Reflexive just means that the object and the subject of a verb are the same, meaning that the verb's action is performed on the subject itself. In this sense, you can make most verbs reflexive. In English one would often use "each other" or "oneself" in such a context.
Toi et moi nous parlons à notre professeur. -- You and I speak to our professor. Il faut que nous nous parlions. -- We need to speak to each other.
I hope that helps to clarify matters somewhat.
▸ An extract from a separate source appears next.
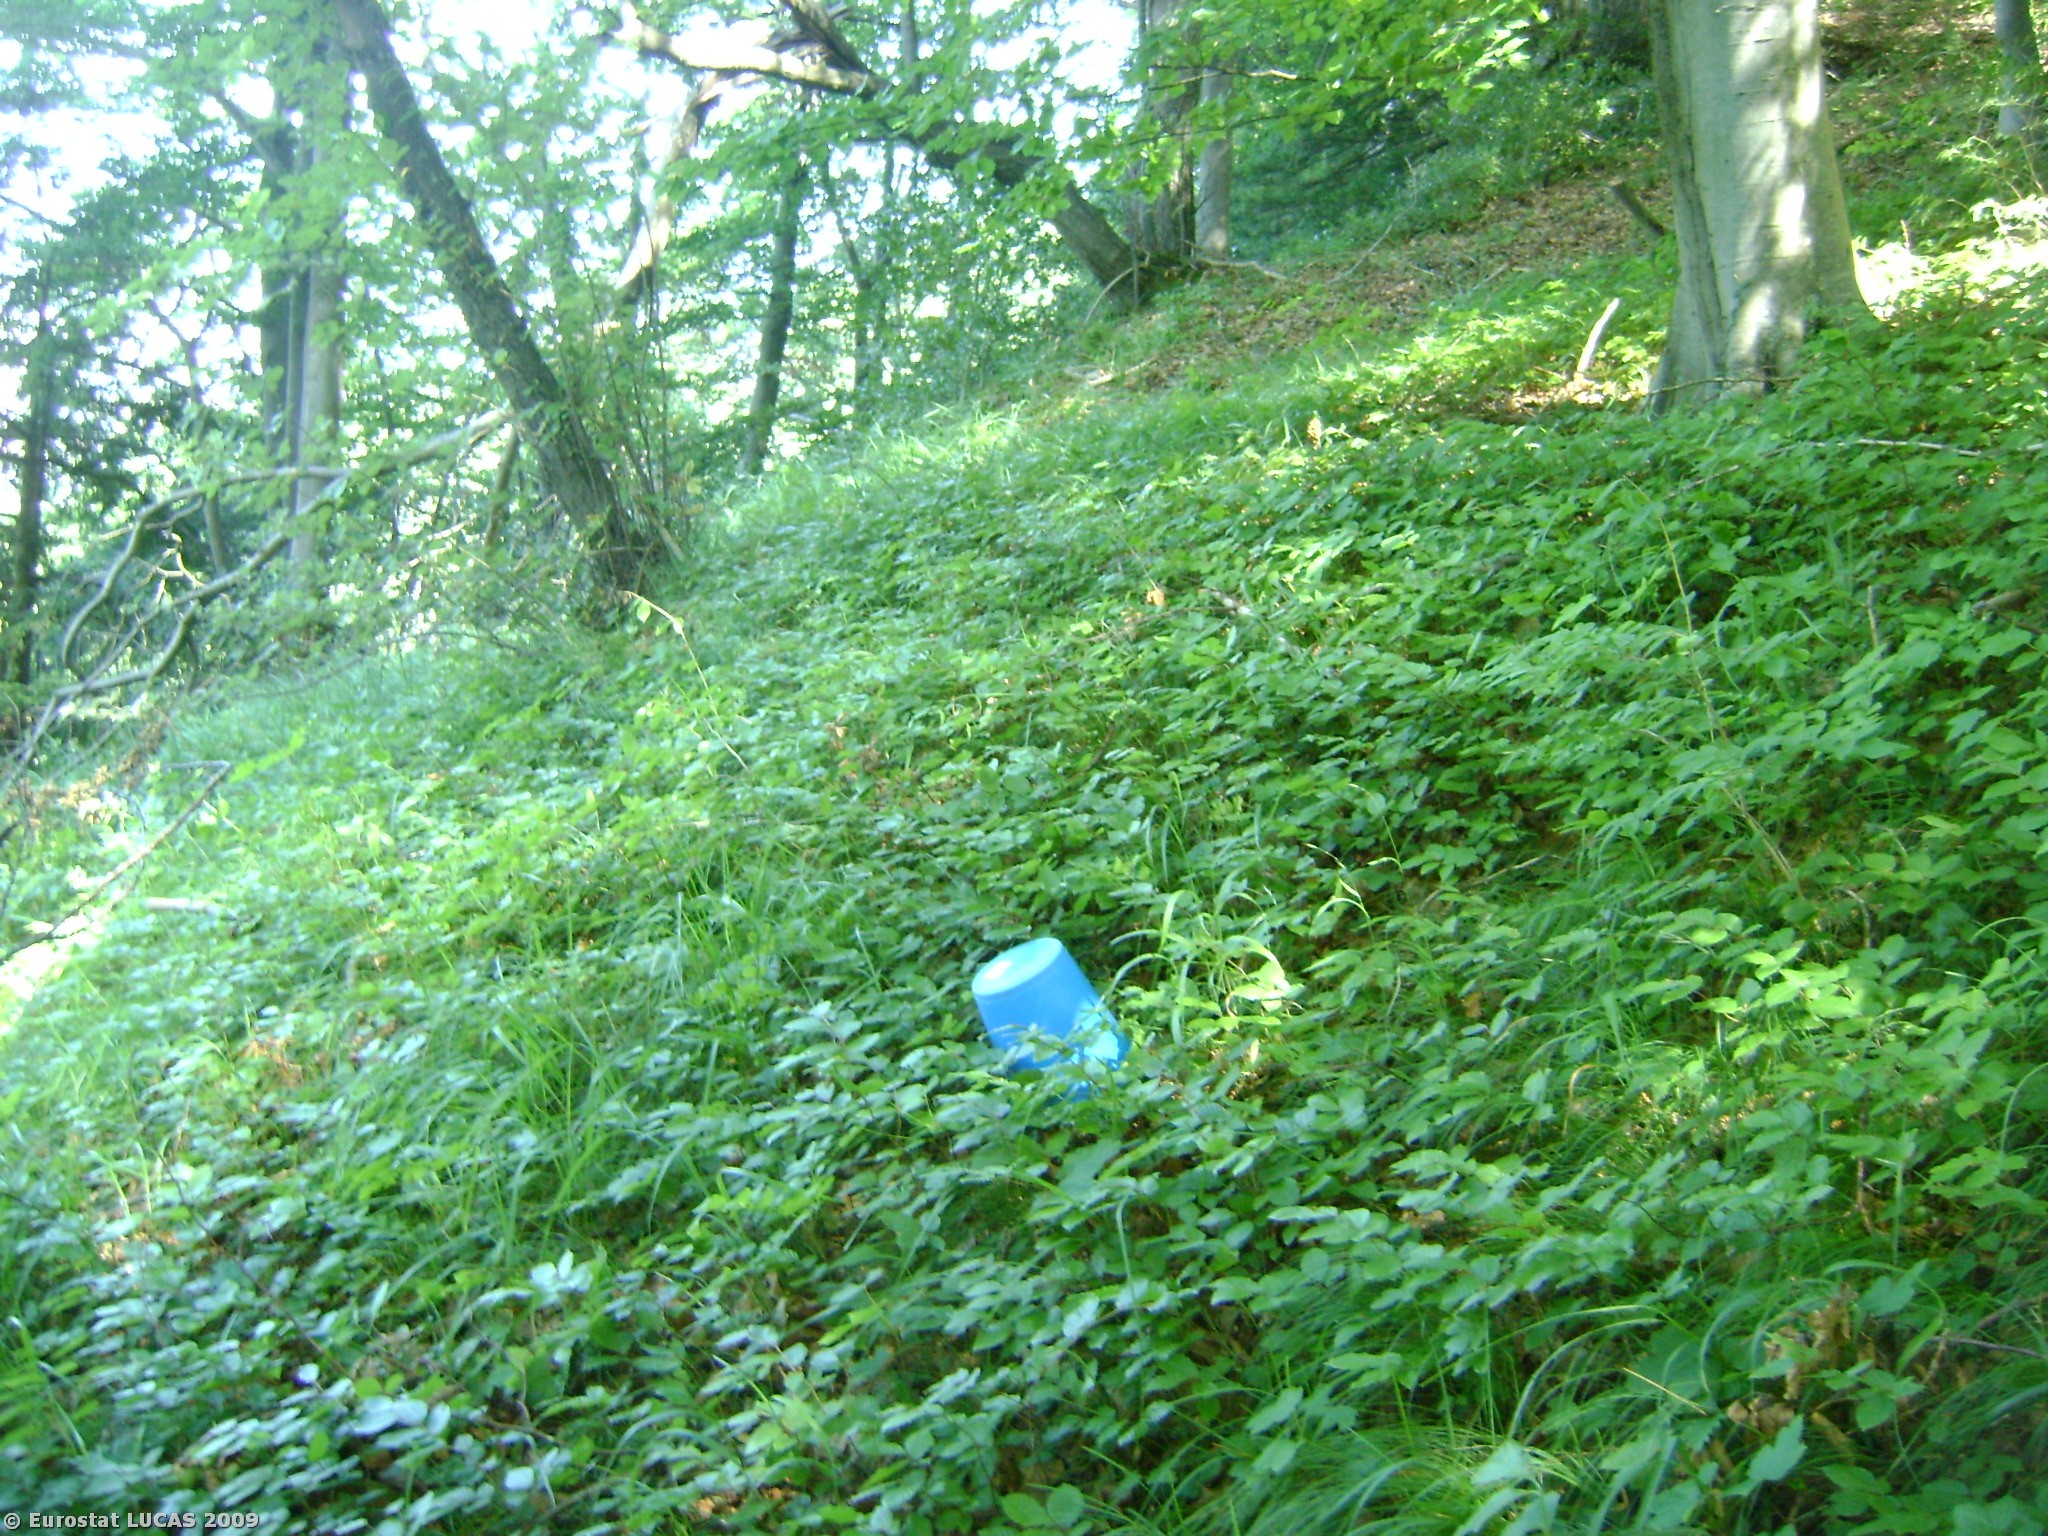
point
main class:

Just to add to Chris' excellent answer, not many verbs are exclusively reflexive but 'laver' isn't one of them as you can wash your car,
(laver sa voiture).
The ones I found are:
s'envoler = to fly away (bird)/to take-off ( plane)
S'évanouir = to faint
Se méfier = to mistrust
Se souvenir = to remember
But most will have a version that is not reflexive.
hope this helps!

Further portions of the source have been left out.